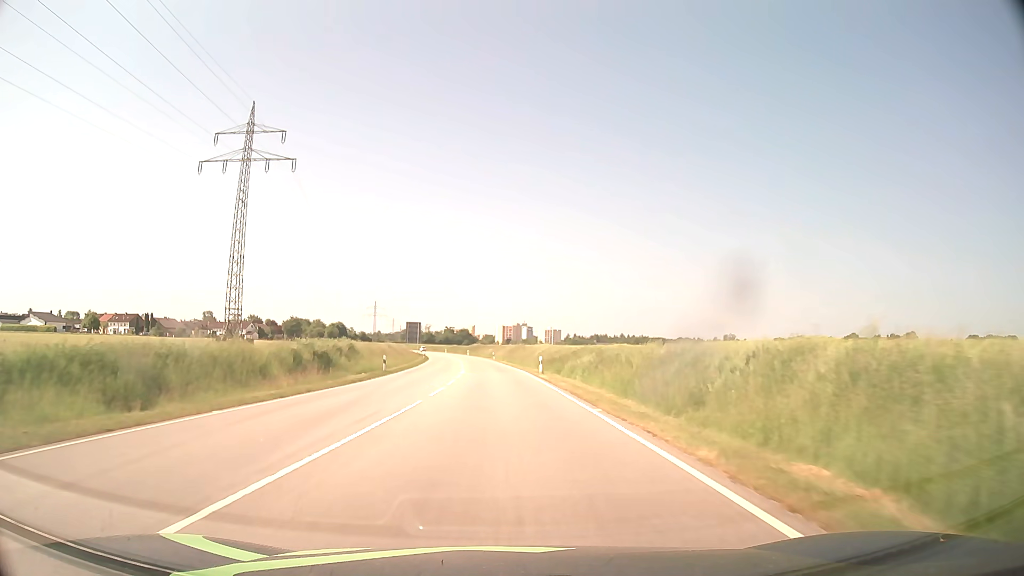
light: Day
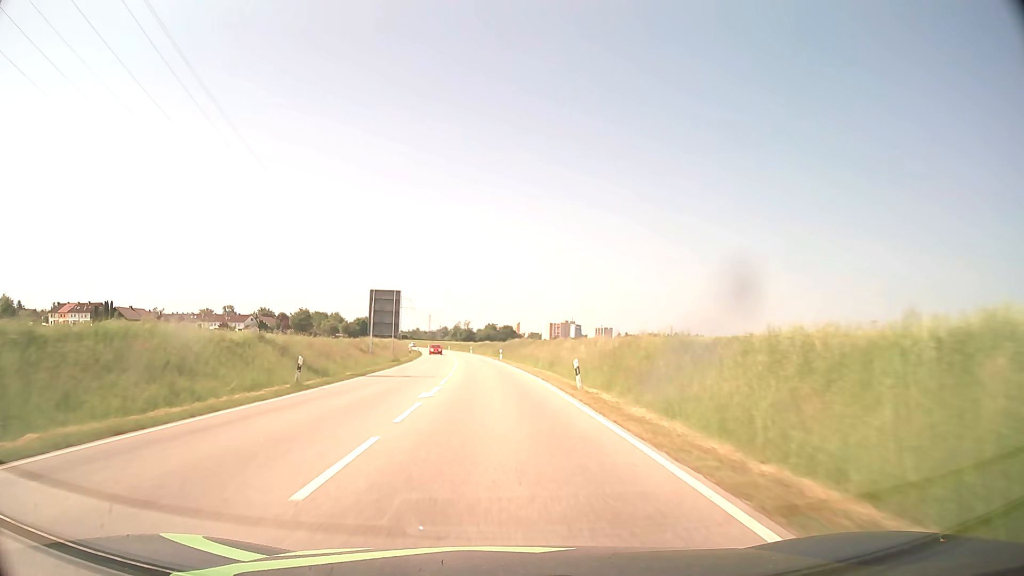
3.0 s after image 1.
(-2.3, +63.0) m; -4°
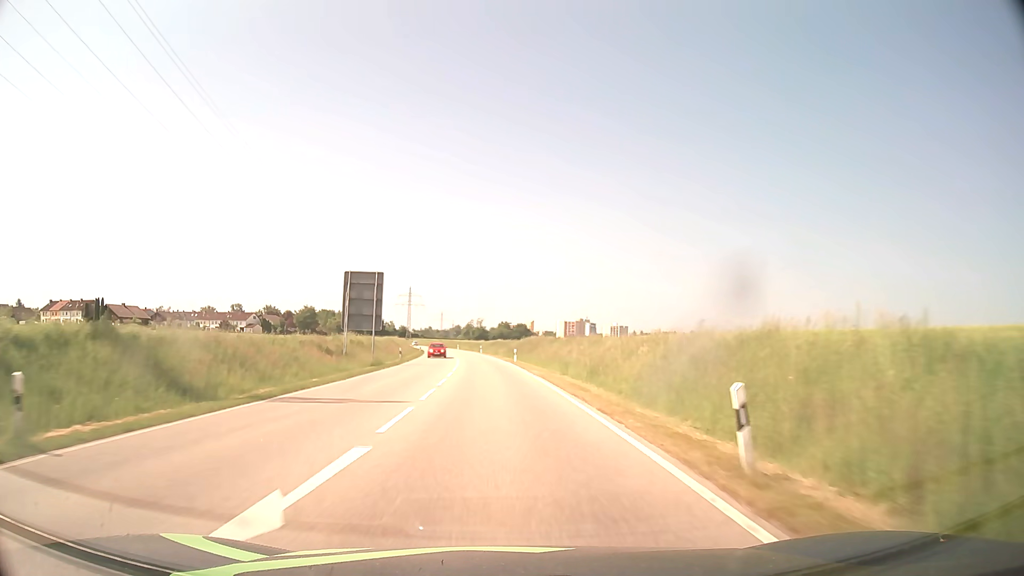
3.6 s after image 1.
(-0.1, +13.7) m; -1°
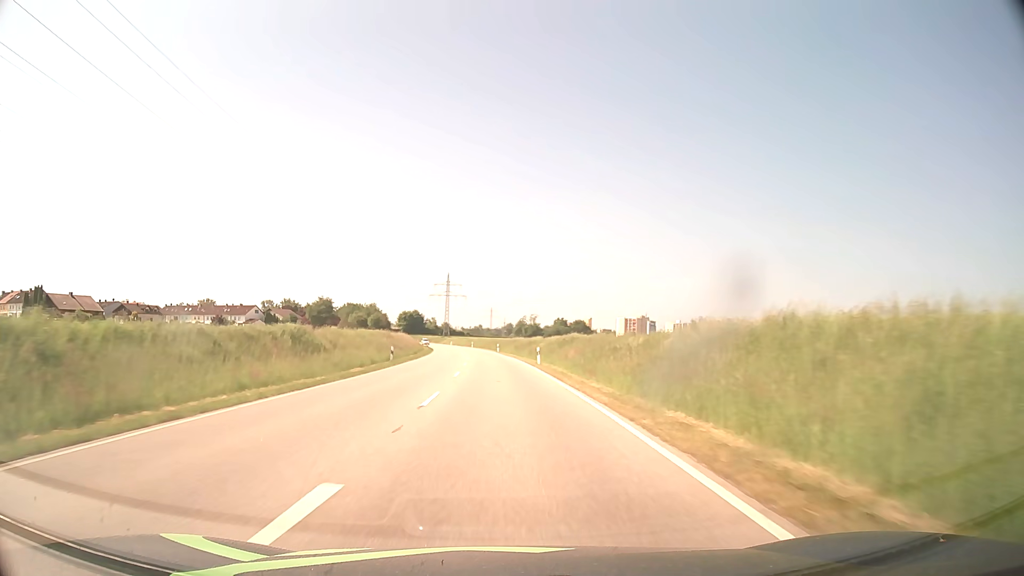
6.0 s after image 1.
(-2.2, +56.8) m; -4°
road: secondary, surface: asphalt
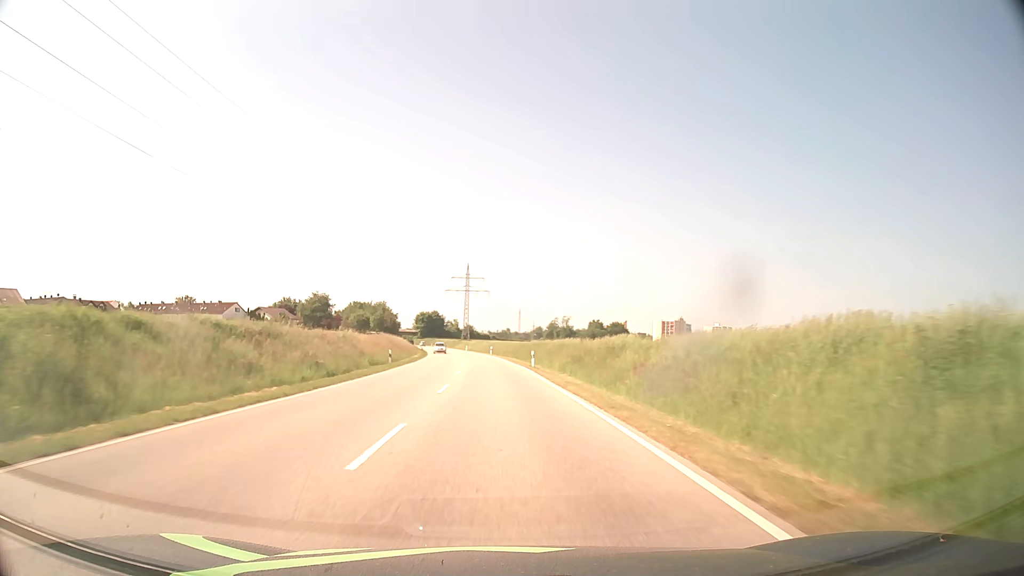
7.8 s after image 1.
(-0.9, +43.2) m; -2°
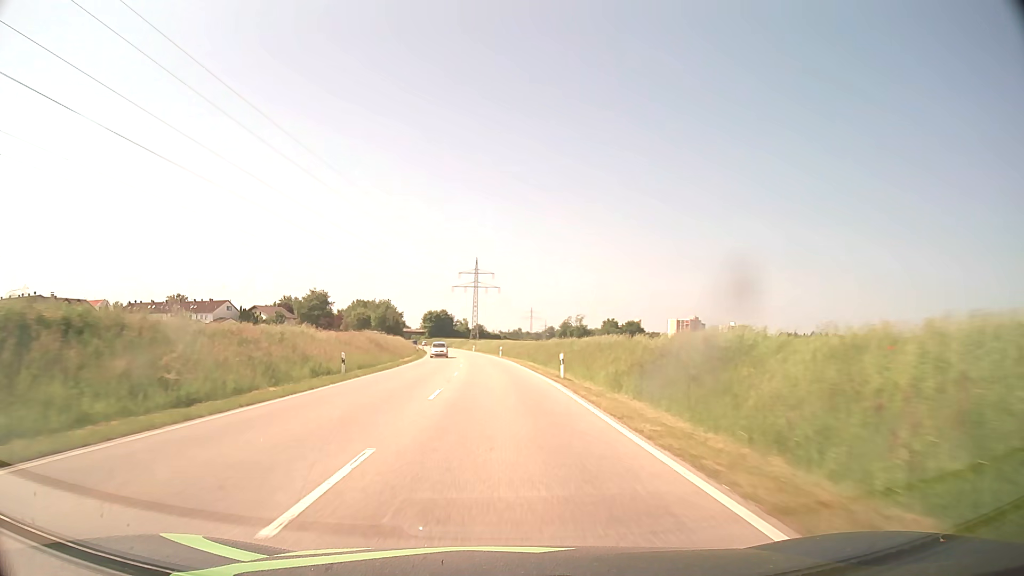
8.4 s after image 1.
(-0.1, +14.8) m; -1°
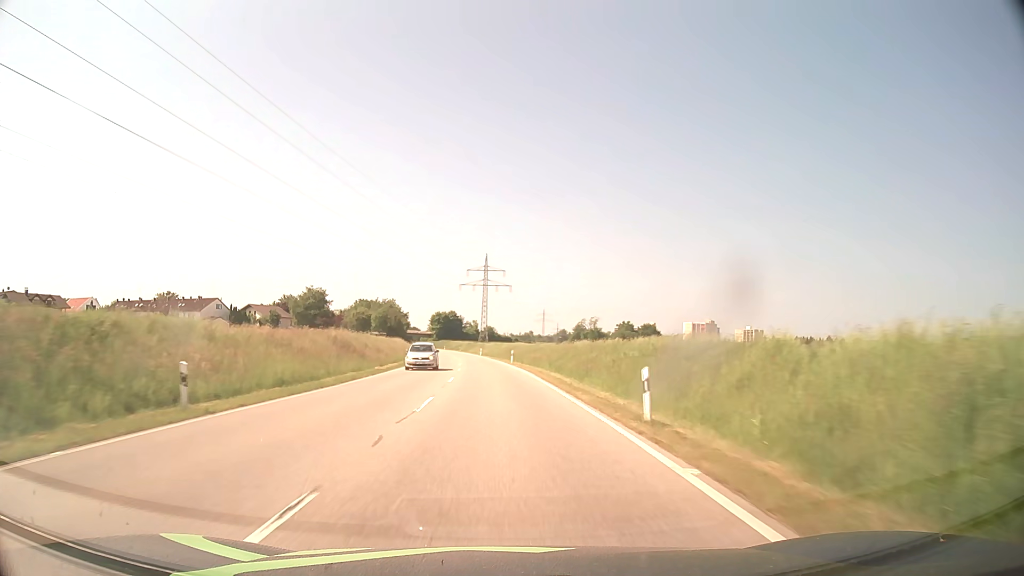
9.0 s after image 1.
(-0.1, +15.0) m; -1°
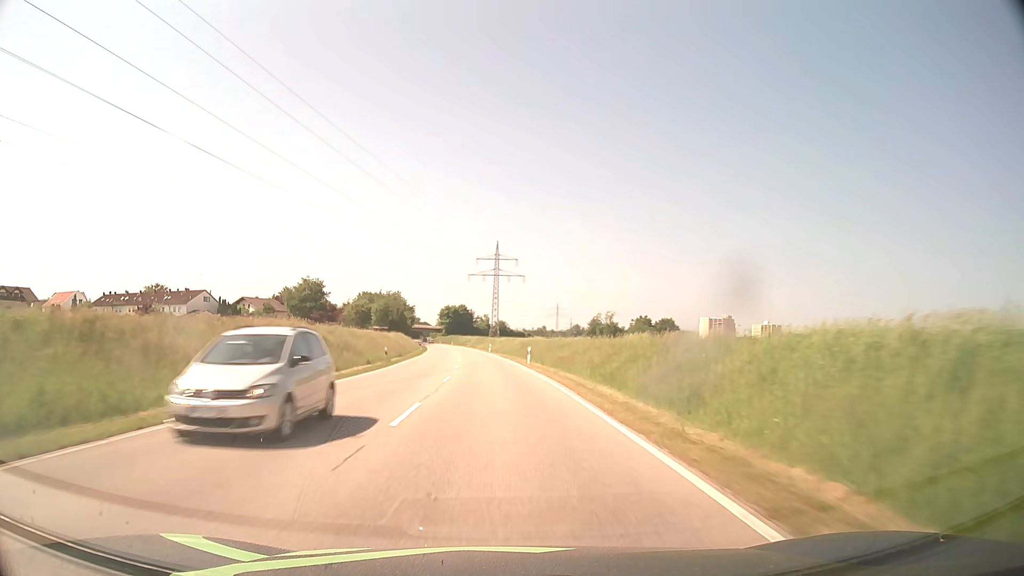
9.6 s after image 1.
(-0.1, +15.1) m; -1°
(0, +10) (0, +20) (-1, +30) (-1, +40) (-2, +50) (-2, +60) (-3, +70) (-4, +80) (-5, +90) (-6, +100) m

━━━━━━━━━━━━━━━━━━━━━━━━━━━━━━

■ What you should do
Reproduce the lines from the one holding "7.8 s after image 1." through the end of the entries above exactly, keeping both ends and dropping every picture.

■ Output of the task
7.8 s after image 1.
(-0.9, +43.2) m; -2°
8.4 s after image 1.
(-0.1, +14.8) m; -1°
9.0 s after image 1.
(-0.1, +15.0) m; -1°
9.6 s after image 1.
(-0.1, +15.1) m; -1°
(0, +10) (0, +20) (-1, +30) (-1, +40) (-2, +50) (-2, +60) (-3, +70) (-4, +80) (-5, +90) (-6, +100) m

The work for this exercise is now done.